Un nouvel oiseau y est repéré tous les ans et un mammifère tous les quatre ans: l'Amazonie péruvienne est un foyer de biodiversité, mais ces découvertes peuvent paradoxalement représenter un danger pour ces animaux, car elles sont souvent dues à la déforestation.

Connu comme un pays andin, le Pérou est en fait à plus de 60% amazonien. C'est le havre de 25 000 variétés de plantes - 10% de l'herbier mondial -, le deuxième pays pour les espèces d'oiseaux (1800) et il figure dans les cinq premiers pour les mammifères (515) et reptiles (418).

Ces dernières années, sa population s'est enrichie d'une minigrenouille à tête de feu et pattes bleues (Ranitomeya amazonica), d'un oiseau-mouche à la gorge violette (Heliangelus viola) ou encore d'une «sangsue tyrannosaure» à huit dents (Tyrannobdella reina).

Selon le Fonds mondial pour la nature (WWF), plus de 1200 espèces nouvelles de plantes ou animaux ont été découvertes en 10 ans dans l'Amazonie.

Mais «la majorité de ces découvertes ne se produisent pas lors d'expéditions scientifiques, souvent coûteuses: elles le doivent à l'activité de chantiers d'exploration d'entreprises pétrolières, minières, ou d'exploitation forestière», relève Michael Valqui, du WWF-Perou.

Aussi, paradoxalement, «ce type de découverte met au même moment en péril immédiat l'espère qui se découvre, dans un lieu qui est son unique habitat».

Le Pérou, l'un des pays comptant la plus grande surface forestière (700 000 km2), est aussi un aimant pour l'industrie minière: le nombre de concessions octroyées y a doublé depuis 2006 jusqu'à couvrir 16% du territoire, selon l'Observatoire des conflits miniers.

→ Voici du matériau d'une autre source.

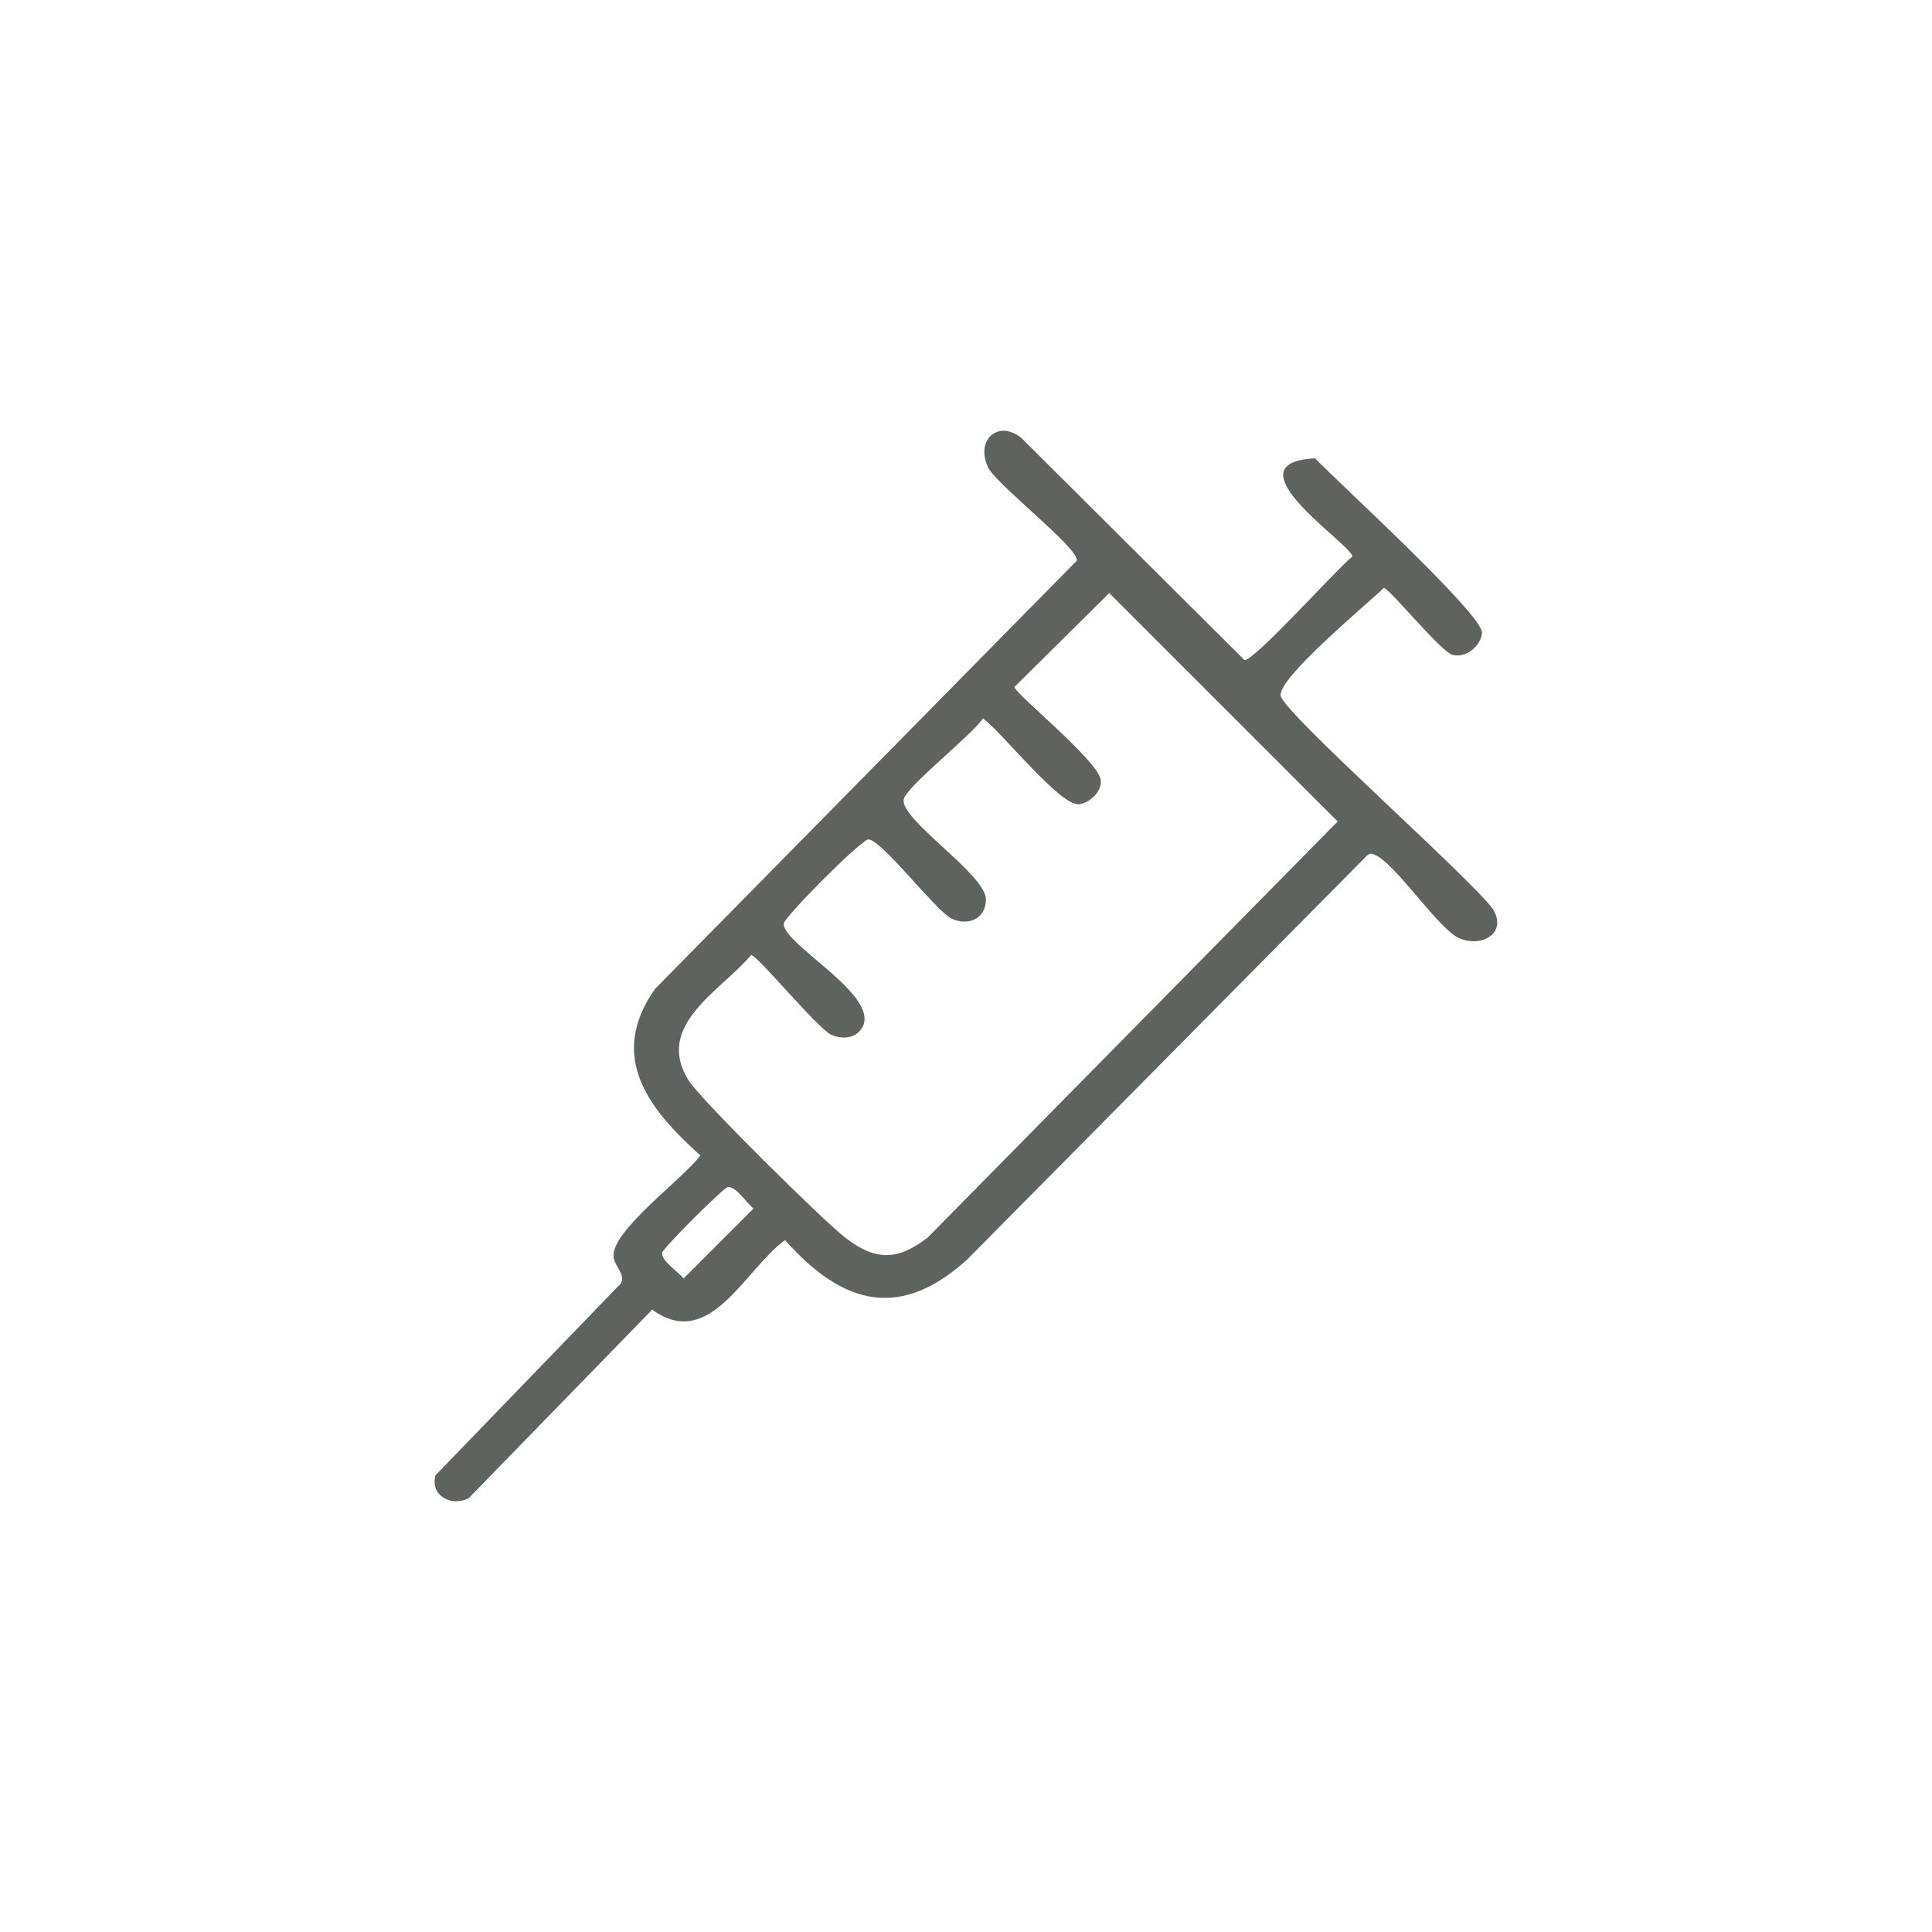 <?xml version="1.0" encoding="UTF-8"?>
<svg id="Ebene_1" data-name="Ebene 1" xmlns="http://www.w3.org/2000/svg" viewBox="0 0 400 400">
  <path d="M200.68,260.37c-14.06,13.02-26.03,10.04-38.15-3.63-8.41,6.17-15.57,23.1-27.5,14.41l-38.02,39.06c-3.7,1.82-7.99-.65-6.84-4.77l38.41-39.75c.94-1.88-1.4-3.57-1.56-5.54-.43-5.38,14.58-16.23,17.98-20.93-10.7-9.59-19.24-20.37-9.42-34.44l87.36-88.7c.46-2.61-16.8-15.86-18.4-19.38-2.68-5.85,2.37-9.84,6.96-5.99l46.15,45.94c1.91.34,19.16-18.91,22.34-21.43,0-2.43-26.22-19.41-7.7-20.33,4.39,4.68,34.86,32.41,34.54,36.16-.23,2.61-3.28,5.32-6.11,4.52-2.52-.71-13.1-13.84-14.22-13.84-3.33,3.23-22.05,18.73-21.35,22.34s39.18,37.63,43.9,44.09c3.19,5.05-2.39,8.17-7.04,6.03-4.19-1.93-12.7-14.81-17.02-17.04-.77-.4-1.23-.67-1.98,0l-82.36,83.21ZM229.66,122.79l-19.62,19.43c0,1.35,17.23,15.15,17.85,19.23.37,2.4-2.35,4.86-4.53,5.06-3.91.36-15.95-14.95-19.84-17.77-2.31,3.46-15.67,13.94-16.39,16.68-1.08,4.12,16.96,15.52,16.99,20.79.03,3.98-3.65,5.59-7.08,3.99-3.2-1.48-14.88-16.85-17.37-16.41-2.75,1.36-17.31,16.17-17.4,17.4-.35,4.4,21.27,15.47,15.85,22.11-1.48,1.82-4.08,1.83-6.08.9-2.78-1.29-15.27-16.47-16.52-16.47-6.31,7.46-20.1,14.54-12.96,25.95,2.52,4.02,27.91,29.08,32.44,32.56,6.26,4.82,10.78,4.82,17.05,0l84.9-86.16-47.29-47.29ZM150.66,245.79c-.94.17-13.4,12.62-13.56,13.56-.29,1.67,3.44,4.01,4.43,5.34l14.48-14.48c-1.34-.99-3.67-4.72-5.34-4.43Z" style="fill: #5e635f;"/>
</svg>

Parallèlement, le pays se targue, comme à la récente Convention sur la diversité biologique (CBD) de Nagoya, d'être à la pointe de la conservation, avec 15% du territoire classé en aires protégées. «Et nous visons 30%», affirme le ministre de l'Environnement Antonio Brack.

C'est pour la biodiversité et les espèces en marge de ces aires que les écologistes s'inquiètent.

«Nous manquons de signaux clairs pour dire ce que le pays entend faire en terme de défense de sa biodiversité», estime Ivan Lanegra, responsable de l'Environnement à l'influent Office du médiateur public.

«Génétiquement, une entreprise minière ou d'hydrocarbures n'est pas en soi destructrice, la clef est si elle est "propre" ou pas», souligne Gérard Hérail, de l'Institut de recherche et développement de Lima.

Ernesto Raez, directeur du Centre pour l'Environnement durable de l'Université Cayetano Heredia de Lima, rappelle que «le nombre d'espèces qui disparaissent dans le monde est supérieur au nombre d'espèces découvertes. Autrement dit, des espèces disparaissent avant qu'on les découvre».

Pour l'IRD pourtant, «bien plus qu'il y a 10-15 ans, le contexte permet de dessiner des stratégies de conservation de la biodiversité», comme celle menée avec succès sur le poisson amazonien, le païche (Arapaima gigas).

Mais au Pérou, 21 espèces restent en «danger critique» d'extinction selon un décret de 2004, comme le chinchilla à queue courte (Chinchilla brevicaudata) ou la chauve-souris à oreilles épointées (Tompoeas ravus). Le rat aux oreilles en feuilles (phyllotis andinum) aurait déjà disparu.

Le Gecko de Lima (Phyllodactylus sentosus), un minuscule lézard nocturne lui aussi menacé, illustre la relation parfois complexe entre conservation et menace, souligne Valqui.

Le gecko a pour habitat les recoins obscurs des «huacas», sépultures ou sites sacrés préhispaniques dont Lima et la côte regorgent. «Mais le travail d'entretien des archéologues, crucial pour la conservation, est précisément ce qui détruit l'habitat» du gecko et provoque sa perte.